Studies by Sahm et al. for the 90-96Zr + 124Sn reactions showed an unexpected result. As the fusing system became more neutron-rich (decreasing fissility), the fusion hindrance, as measured by the extra push energy, increased in contradiction to predictions of most theoretical models. (See Fig. 3-1) If this trend were confirmed, it would reduce the attractiveness of fusion using very n-rich projectiles as a pathway to the heaviest elements. We have carried out, over a period of several years, a set of measurements of the capture-fission excitation functions for the 124,132Sn + 96Zr system to try to define this effect. The results of these investigations have been published [2,3].

Figure 3-1: Extra push as determined from the mean fusion barrier height EB and the barrier height calculated with the Bass potential, VB, versus the effective entrance channel fissility.
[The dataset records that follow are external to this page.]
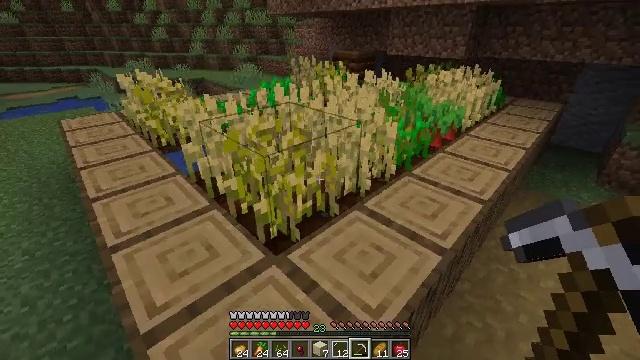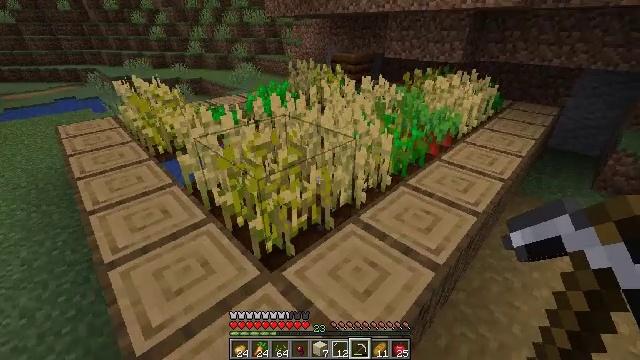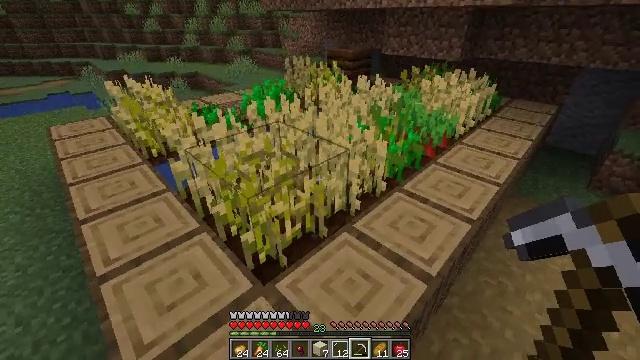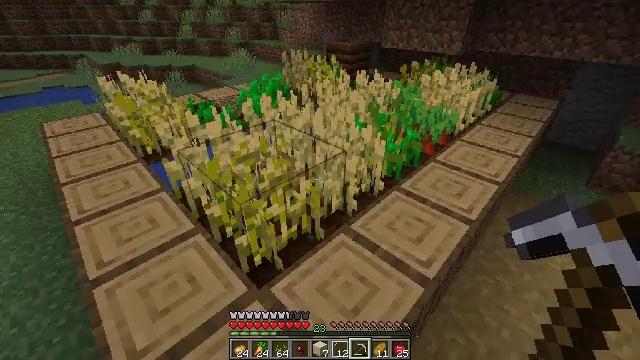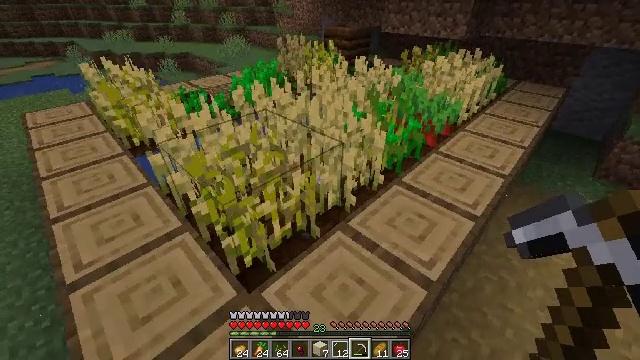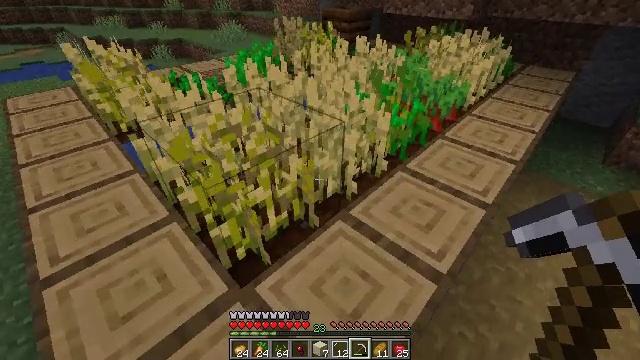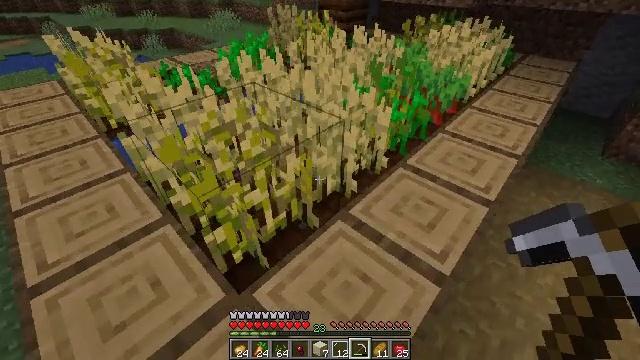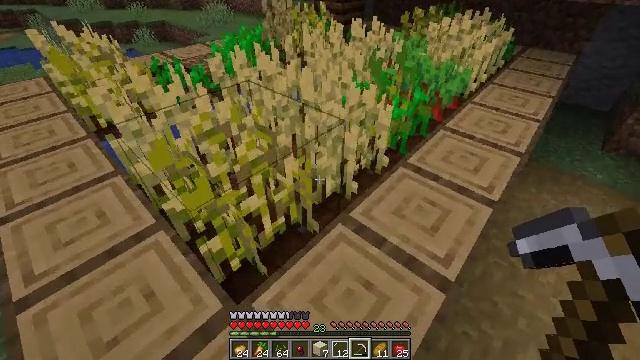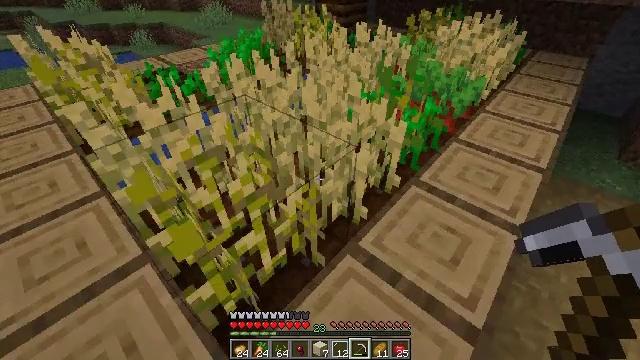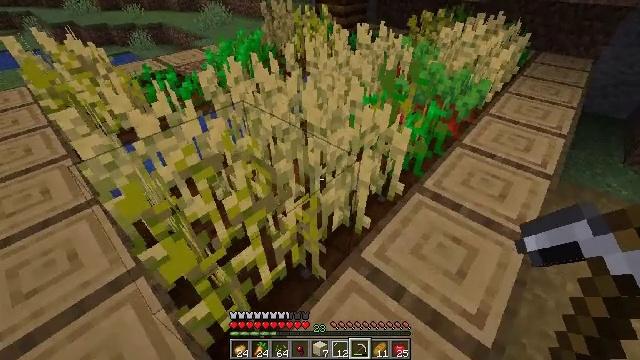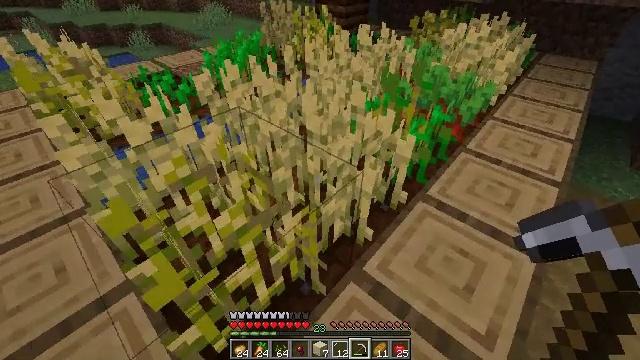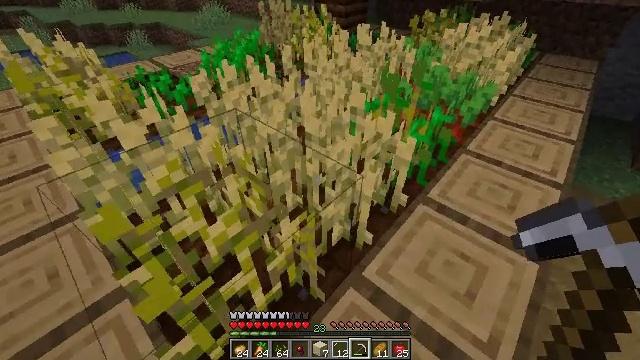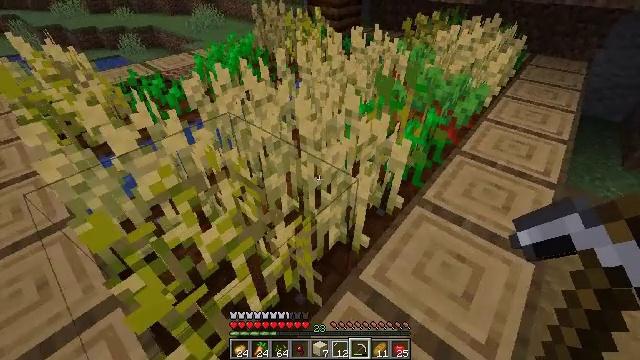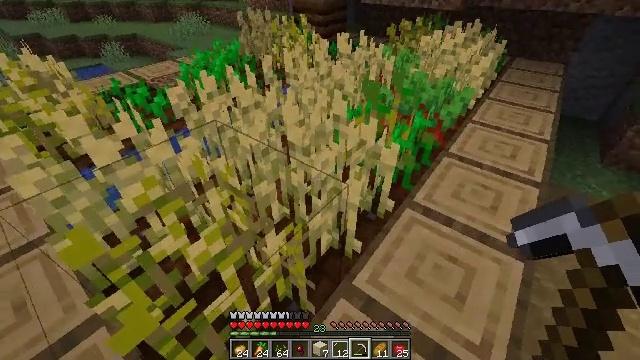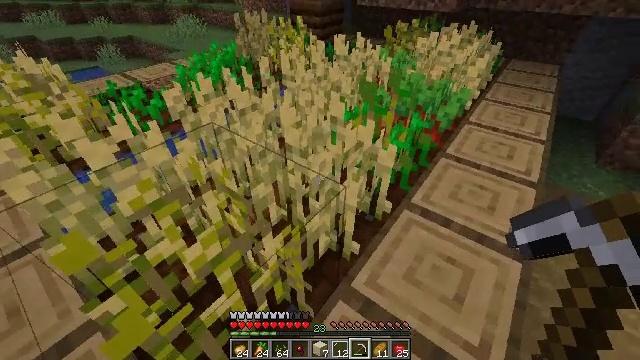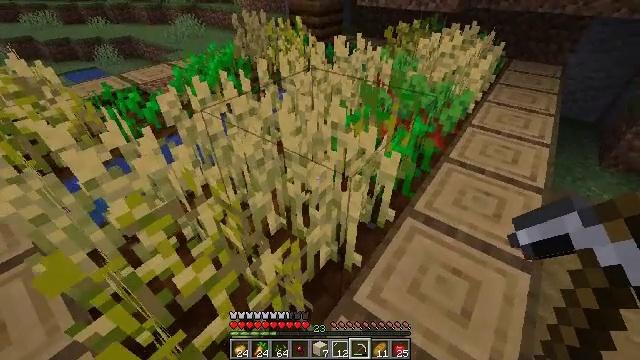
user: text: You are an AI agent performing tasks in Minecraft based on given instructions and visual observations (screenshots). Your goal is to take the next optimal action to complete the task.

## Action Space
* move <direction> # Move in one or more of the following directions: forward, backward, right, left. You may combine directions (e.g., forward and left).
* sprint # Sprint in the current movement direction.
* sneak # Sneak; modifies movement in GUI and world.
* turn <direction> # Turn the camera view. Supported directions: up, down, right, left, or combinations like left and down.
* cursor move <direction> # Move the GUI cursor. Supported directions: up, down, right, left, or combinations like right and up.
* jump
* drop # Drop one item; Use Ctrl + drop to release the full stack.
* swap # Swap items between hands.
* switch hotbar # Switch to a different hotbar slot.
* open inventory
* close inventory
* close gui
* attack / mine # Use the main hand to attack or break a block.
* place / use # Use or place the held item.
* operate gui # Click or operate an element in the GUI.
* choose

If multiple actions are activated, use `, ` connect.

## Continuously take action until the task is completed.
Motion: motion action
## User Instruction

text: Get wheat from the farmland.
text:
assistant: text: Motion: move forward, jump
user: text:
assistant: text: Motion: move forward, turn down, jump
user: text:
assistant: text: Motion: move forward and move left, turn down
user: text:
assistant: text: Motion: move forward and move left, turn down
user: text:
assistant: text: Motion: move forward and move left, turn down
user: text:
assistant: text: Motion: move forward and move left, turn down
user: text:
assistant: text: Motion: move forward, turn down
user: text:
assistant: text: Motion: move forward
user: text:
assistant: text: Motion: no_op
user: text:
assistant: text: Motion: no_op
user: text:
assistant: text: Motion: no_op
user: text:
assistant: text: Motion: turn right
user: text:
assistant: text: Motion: turn right and up
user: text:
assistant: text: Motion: no_op
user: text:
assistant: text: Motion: move forward
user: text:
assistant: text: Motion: move forward
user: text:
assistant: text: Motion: move forward
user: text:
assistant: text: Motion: move forward
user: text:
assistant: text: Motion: no_op
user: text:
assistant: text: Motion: turn left
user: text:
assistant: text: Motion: no_op
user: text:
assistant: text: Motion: no_op
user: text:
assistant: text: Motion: no_op
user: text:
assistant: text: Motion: turn left and down
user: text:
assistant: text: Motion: turn left and down
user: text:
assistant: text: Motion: turn down
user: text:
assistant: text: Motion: turn down
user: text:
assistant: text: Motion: no_op
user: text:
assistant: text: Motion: attack / mine
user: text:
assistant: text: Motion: attack / mine

The experimental points are taken from Sahm, et al., with 124Sn+96,94,92,90Zr systems selected. The theoretical prediction by Bjornholm and Swiatecki is shown by a line.
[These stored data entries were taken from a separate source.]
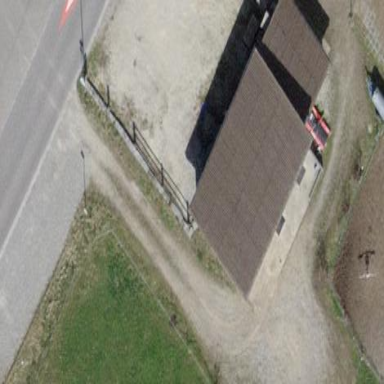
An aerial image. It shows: Rural barn.
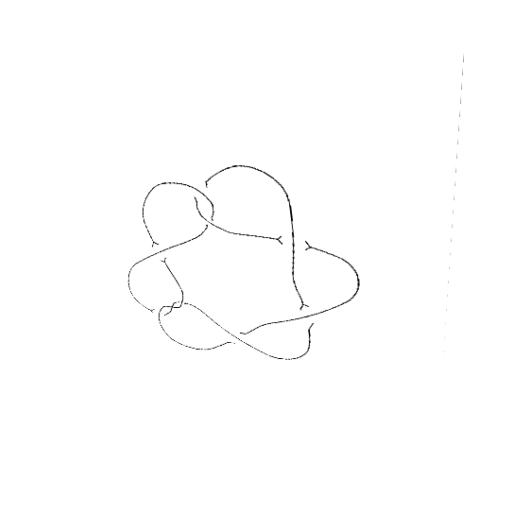
Crossing number: 9
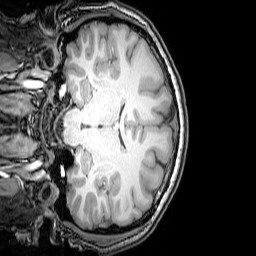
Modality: T1w
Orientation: coronal
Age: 23
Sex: male
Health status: healthy
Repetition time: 0.081 s
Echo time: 0.037 s
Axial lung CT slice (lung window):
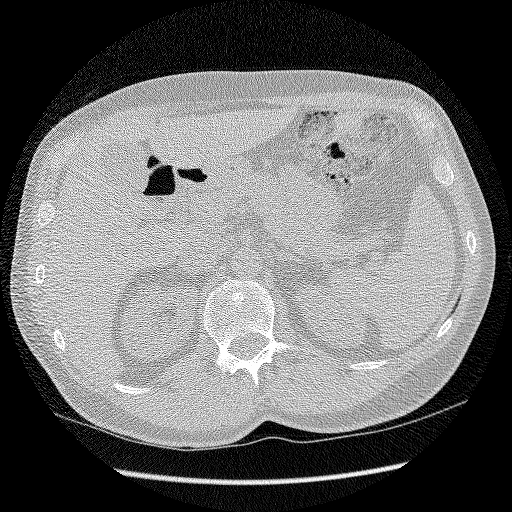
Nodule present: no
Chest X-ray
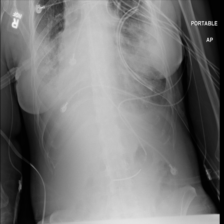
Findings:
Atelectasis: negative
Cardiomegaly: negative
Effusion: positive
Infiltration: positive
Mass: negative
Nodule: negative
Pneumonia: negative
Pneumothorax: negative
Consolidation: negative
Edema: negative
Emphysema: negative
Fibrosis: negative
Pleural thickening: negative
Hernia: negative
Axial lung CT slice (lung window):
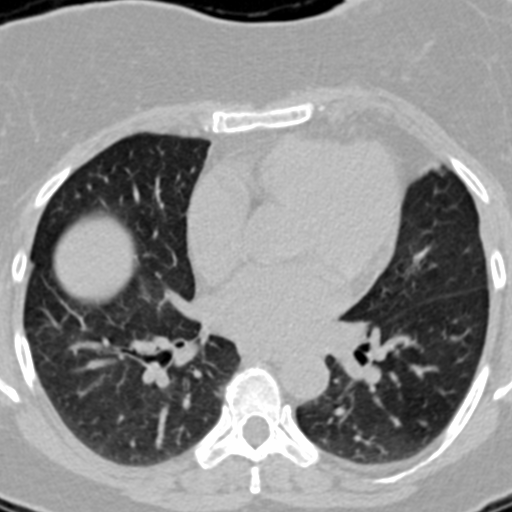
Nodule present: no
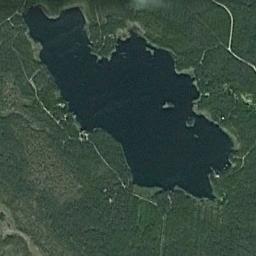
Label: lake
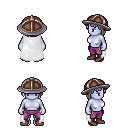
a pixel art fantasy rpg character, female body template, dark elf, purple skin, white cape, magenta pants, white pageboy hairstyle, chain helm, maroon shoes, four views (front, back, left, right), 2x2 character sprite sheet, small pixel art, hard edges, no anti-aliasing
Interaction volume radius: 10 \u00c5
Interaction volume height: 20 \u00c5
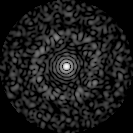
Disorder parameter: 0.843

Figure 3-2: Comparison of the capture fission excitation functions for the 132Sn+96Zr (solid squares and line) and 124Sn+96Zr reactions (open circles and dashed line). The lines are to guide the eye through the data points.

The measured capture-fission excitation functions for the two systems are shown in Fig.3-2. Clearly the interaction barrier is shifted to lower energies for the more n-rich system.
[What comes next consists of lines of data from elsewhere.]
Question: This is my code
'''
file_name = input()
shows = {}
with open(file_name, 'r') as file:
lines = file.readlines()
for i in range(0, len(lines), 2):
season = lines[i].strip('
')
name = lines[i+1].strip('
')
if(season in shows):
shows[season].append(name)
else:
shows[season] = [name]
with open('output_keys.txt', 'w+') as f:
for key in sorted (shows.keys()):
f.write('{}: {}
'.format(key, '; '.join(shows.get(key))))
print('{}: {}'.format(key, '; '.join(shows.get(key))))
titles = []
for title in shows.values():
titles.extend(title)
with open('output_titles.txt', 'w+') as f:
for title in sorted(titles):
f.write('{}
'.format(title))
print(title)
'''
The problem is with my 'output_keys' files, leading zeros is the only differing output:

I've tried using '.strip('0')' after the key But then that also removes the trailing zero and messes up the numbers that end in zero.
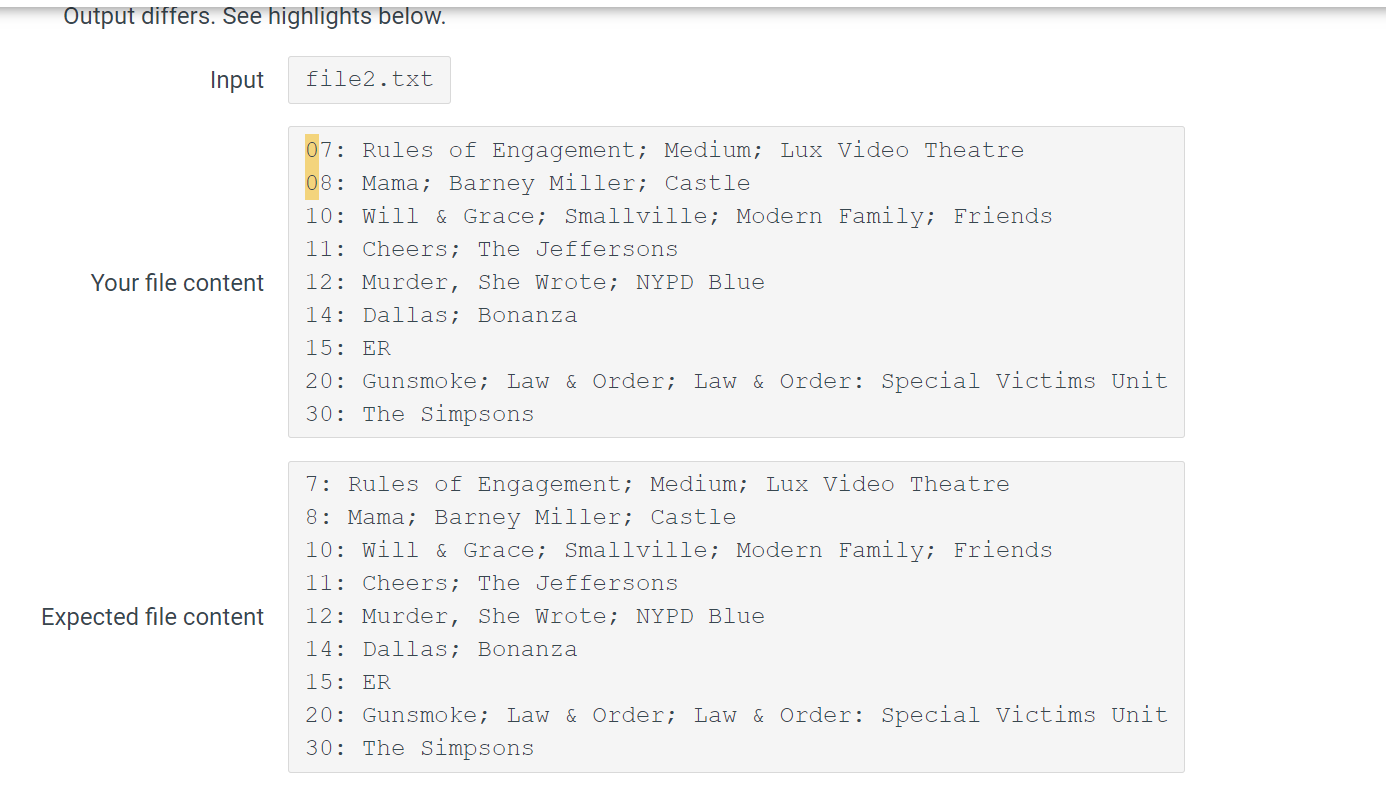
Answer: I think you need to change this line:
'''
f.write('{}: {}
'.format(key, '; '.join(shows.get(key))))
'''
to this:
'''
f.write('{}: {}
'.format(key.lstrip("0"), '; '.join(shows.get(key))))
'''
'lstrip("0")' will remove a '"0'" only if it as the start/left of a string.
Here are some examples to make that clearer:
'''
>>>"07: Gone with the Wind, Rocky".lstrip('0')
'7: Gone with the Wind, Rocky'
>>>"17: Gone with the Wind, Rocky".lstrip('0')
'17: Gone with the Wind, Rocky'
'''
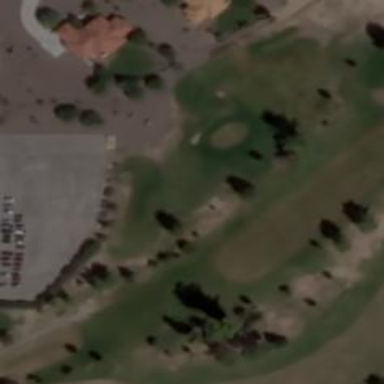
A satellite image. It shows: Scenic golf fairway.
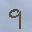
Label: 9

We have measured capture cross sections in this work. The direct measurement of fusion cross sections requires the separation of the quasi-fission and fusion-fission components of the capture cross sections, which is not feasible with the current generation of radioactive beam facilities. However, for many purposes, such as heavy element syntheses, we need to know the properties of the fusion cross sections in these collisions. What should we do?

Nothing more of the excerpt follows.